Symons: We already deliver an all-flash hyper-converged platform. One of the key things about our hyper-converged [architecture] is that we enable you to scale storage separately from compute. We can do hybrid storage nodes if what you need is a lot of capacity. We're seeing hybrid become interesting for the Tier-2 storage and flash for Tier-1 storage.
Along the same line, what will drive Gridstore's product roadmap in 2015?
Symons: We've made the big bet on hyper-convergence. Another area where we'll focus a lot of effort this year is on what I call application-focused solutions. A lot of our customers are looking at doing SQL Server consolidation, so we'll do a lot of work with our partners, customers and our solutions team. Some of it will be around best practices, and some will be additional code to make sure we give features/functions for SQL Server consolidation that tie into the cloud as an extension for disaster recovery and other capabilities. Those workload-based solutions will be a key area for us this year.

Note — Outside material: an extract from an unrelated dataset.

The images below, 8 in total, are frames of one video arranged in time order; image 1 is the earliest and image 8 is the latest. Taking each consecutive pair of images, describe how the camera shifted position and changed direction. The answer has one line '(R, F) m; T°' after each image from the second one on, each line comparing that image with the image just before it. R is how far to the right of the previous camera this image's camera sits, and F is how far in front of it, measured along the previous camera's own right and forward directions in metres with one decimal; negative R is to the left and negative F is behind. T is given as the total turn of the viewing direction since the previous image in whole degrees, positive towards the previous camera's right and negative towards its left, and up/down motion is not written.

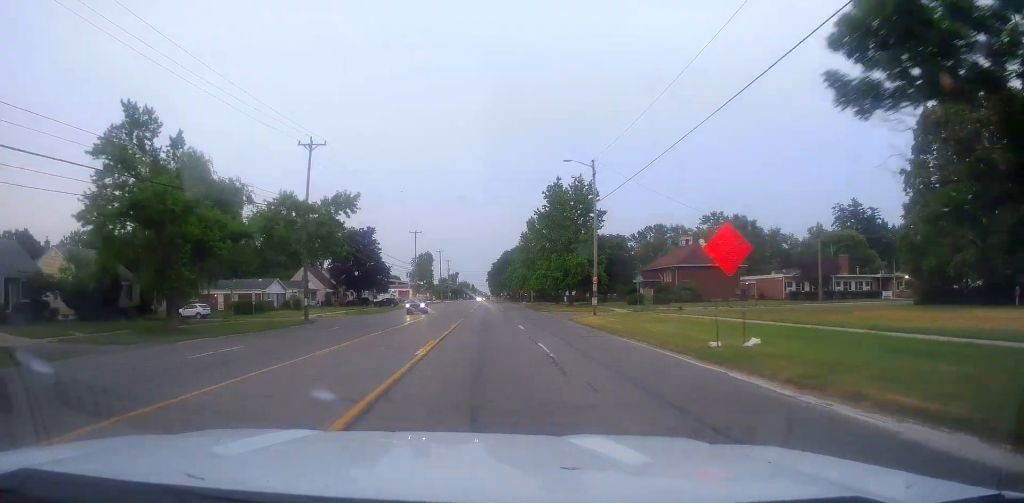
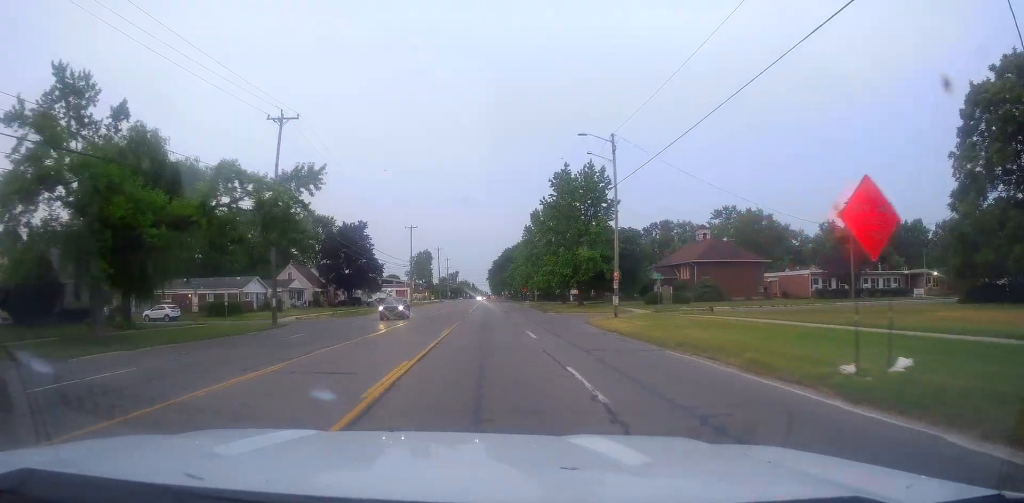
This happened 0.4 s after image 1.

Will this necessitate new software rollouts?
Symons: Some of it will be to continue driving automation and ease of deployment. It's not a core underlying technology, but more software add-ons to our infrastructure and feature set upgrades.
When can we expect the new releases?
Symons: The first part will come out in Q2, with more coming out in Q3. We are not planning any new hardware this year -- the existing Gridstore hyper-converged platform is still gaining traction.